[Records from a collection]
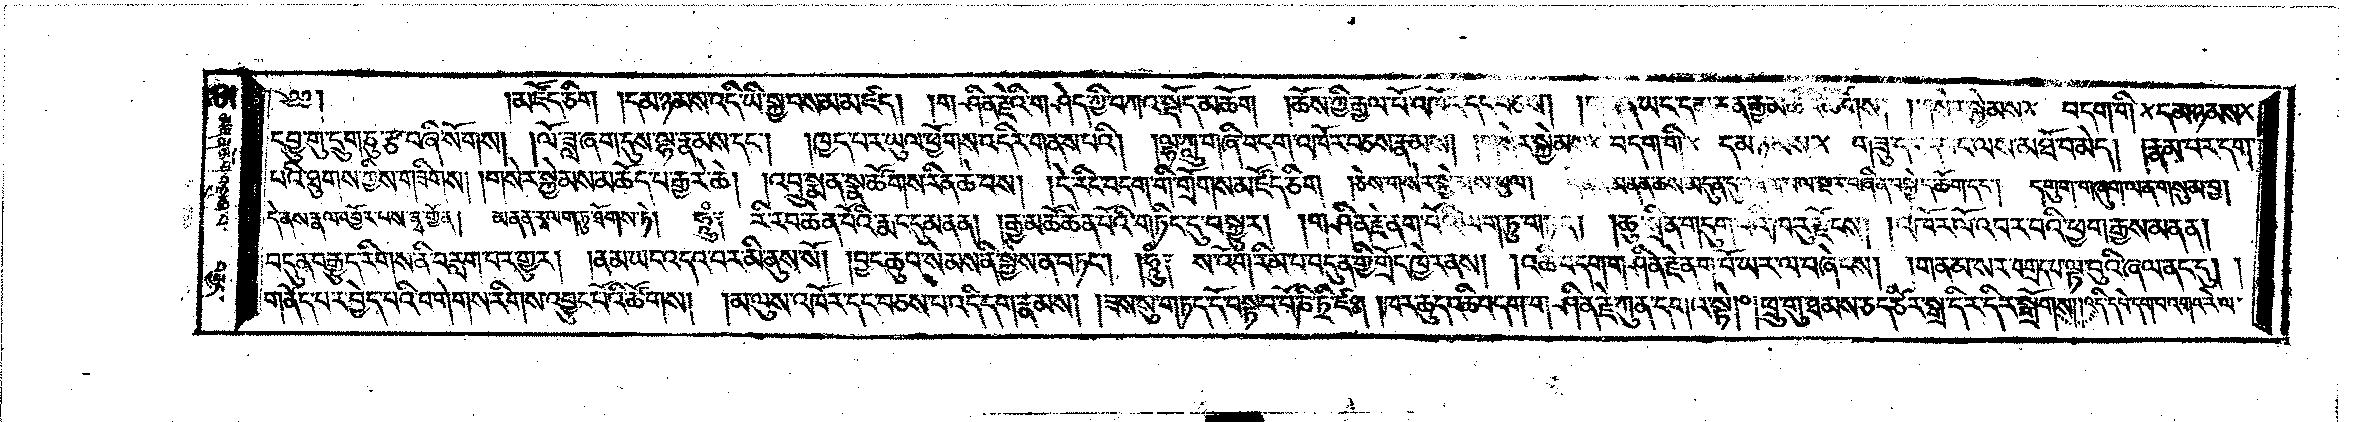༄༅། །མཛོད་ཅིག །དམ་ཉམས་འདི་ཡི་སྐྱ་བསམ་མཛད། །གཤིན་རྗེའི་གཤེད་ཀྱི་བཀའ་སྡོད་མཆོག །ཆོས་ཀྱི་རྒྱལ་པོ་འཁོར་དང་བཅས། །གནན་ཡང་དམར་ན་རྒྱ་མཚོའི་ཚོགས། །གསེར་སྐྱེམས་྾་བདག་གི་྾་དམ་ཉམས་྾་
དབྱུ་གུ་དྲུག་ཅུ་རྩ་བཞི་སོགས། །ལོ་ཟླ་ཞག་དུས་ལྷ་རྣམས་དང་། །ཁྱད་པར་ཡུལ་ཕྱོགས་འདིར་གནས་པའི། །ལྷ་ཀླུ་གཞི་བདག་འཁོར་བཅས་རྣམས། །གསེར་སྐྱེམས་྾་བདག་གི་྾་དམ་ཉམས་྾་གཟུ་དང་དཔང་ལས་མཐོ་བ་མེད། །རྣམ་པར་དག་
པའི་ཐུགས་ཀྱིས་གཟིགས། །གསེར་སྐྱེམས་མཆོད་པ་རྒྱ་རེ་ཆེ། །འབྲུ་སྨན་སྣ་ཚོགས་རིན་ཆེ་བས། །དེ་རིང་བདག་གི་གྲོགས་མཛོད་ཅིག །ཅེས་གསེར་སྐྱེམས་ཕུལ། །དེ་ནས་མནན་ཆས་མདུན་དུ་བཞག་པ་ལ་སྔར་བཞིན་བསྐྱེད་ཆོག་དང་། དཔུག་གཞུག་ལན་གསུམ་བྱ།
དེ་ནས་རྣལ་འབྱོར་པས་ཟྭ་གྱོན། མནན་རྭ་ལག་ཏུ་ཐོགས་ཏེ། ཧཱུཾ༑ རི་རབ་ཆེན་པོའི་རྨད་དུ་མནན། །རྒྱ་མཚོ་ཆེན་པོའི་གཏིང་དུ་བསྐྱུར། །གཤིན་རྗེ་ནག་པོའི་ལག་ཏུ་གཏང་། །ཆུ་སྲིན་གདུག་པའི་ཁ་རུ་རྫོངས། །འཁོར་ལོ་འབར་བའི་ཕྱག་རྒྱས་མནན།
བདུན་བརྒྱུད་རིགས་ནི་བརླག་པར་གྱུར། །ནམ་ཡང་འདའ་བར་མི་ནུས་སོ། །བྱང་ཆུབ་སེམས་ནི་སྐྱེས་ན་བཏང་། །ཧཱུཾ༑ ས་འོག་རིམ་པ་བདུན་གྱི་གྲོང་ཁྱེར་ནས། །འཆི་བདག་གཤིན་རྗེ་ནག་པོ་ཡར་ལ་བཞེངས། །གནམ་སར་བགྲད་པ་ལྟ་བུའི་ཞལ་ནང་དུ། །
གནོད་པར་བྱེད་པའི་བགེགས་རིགས་འབྱུང་པོའི་ཚོགས། །མ་ལུས་འཁོར་དང་བཅས་པ་འདི་དག་རྣམས། །ཟས་སུ་གཏད་དོ་བསྟབ་པོ་ཎི་ཏྲི་ཛཿ། །ཁར་ཆུད་འཆི་བདག་གཤིན་རྗེ་ཀུན་དགའ་སྟེ། །ཕྲུ་གུ་ཐམས་ཅད་ཙིར་སྒྲ་དིར་དིར་སྒྲོགས། །འདི་དཔེ་དག་བ་འགའ་རེ་ལ་

- Instructions to follow -
Every line of the data should be copied as it stands, without the images.

- Response box -
༄༅། །མཛོད་ཅིག །དམ་ཉམས་འདི་ཡི་སྐྱ་བསམ་མཛད། །གཤིན་རྗེའི་གཤེད་ཀྱི་བཀའ་སྡོད་མཆོག །ཆོས་ཀྱི་རྒྱལ་པོ་འཁོར་དང་བཅས། །གནན་ཡང་དམར་ན་རྒྱ་མཚོའི་ཚོགས། །གསེར་སྐྱེམས་྾་བདག་གི་྾་དམ་ཉམས་྾་
དབྱུ་གུ་དྲུག་ཅུ་རྩ་བཞི་སོགས། །ལོ་ཟླ་ཞག་དུས་ལྷ་རྣམས་དང་། །ཁྱད་པར་ཡུལ་ཕྱོགས་འདིར་གནས་པའི། །ལྷ་ཀླུ་གཞི་བདག་འཁོར་བཅས་རྣམས། །གསེར་སྐྱེམས་྾་བདག་གི་྾་དམ་ཉམས་྾་གཟུ་དང་དཔང་ལས་མཐོ་བ་མེད། །རྣམ་པར་དག་
པའི་ཐུགས་ཀྱིས་གཟིགས། །གསེར་སྐྱེམས་མཆོད་པ་རྒྱ་རེ་ཆེ། །འབྲུ་སྨན་སྣ་ཚོགས་རིན་ཆེ་བས། །དེ་རིང་བདག་གི་གྲོགས་མཛོད་ཅིག །ཅེས་གསེར་སྐྱེམས་ཕུལ། །དེ་ནས་མནན་ཆས་མདུན་དུ་བཞག་པ་ལ་སྔར་བཞིན་བསྐྱེད་ཆོག་དང་། དཔུག་གཞུག་ལན་གསུམ་བྱ།
དེ་ནས་རྣལ་འབྱོར་པས་ཟྭ་གྱོན། མནན་རྭ་ལག་ཏུ་ཐོགས་ཏེ། ཧཱུཾ༑ རི་རབ་ཆེན་པོའི་རྨད་དུ་མནན། །རྒྱ་མཚོ་ཆེན་པོའི་གཏིང་དུ་བསྐྱུར། །གཤིན་རྗེ་ནག་པོའི་ལག་ཏུ་གཏང་། །ཆུ་སྲིན་གདུག་པའི་ཁ་རུ་རྫོངས། །འཁོར་ལོ་འབར་བའི་ཕྱག་རྒྱས་མནན།
བདུན་བརྒྱུད་རིགས་ནི་བརླག་པར་གྱུར། །ནམ་ཡང་འདའ་བར་མི་ནུས་སོ། །བྱང་ཆུབ་སེམས་ནི་སྐྱེས་ན་བཏང་། །ཧཱུཾ༑ ས་འོག་རིམ་པ་བདུན་གྱི་གྲོང་ཁྱེར་ནས། །འཆི་བདག་གཤིན་རྗེ་ནག་པོ་ཡར་ལ་བཞེངས། །གནམ་སར་བགྲད་པ་ལྟ་བུའི་ཞལ་ནང་དུ། །
གནོད་པར་བྱེད་པའི་བགེགས་རིགས་འབྱུང་པོའི་ཚོགས། །མ་ལུས་འཁོར་དང་བཅས་པ་འདི་དག་རྣམས། །ཟས་སུ་གཏད་དོ་བསྟབ་པོ་ཎི་ཏྲི་ཛཿ། །ཁར་ཆུད་འཆི་བདག་གཤིན་རྗེ་ཀུན་དགའ་སྟེ། །ཕྲུ་གུ་ཐམས་ཅད་ཙིར་སྒྲ་དིར་དིར་སྒྲོགས། །འདི་དཔེ་དག་བ་འགའ་རེ་ལ་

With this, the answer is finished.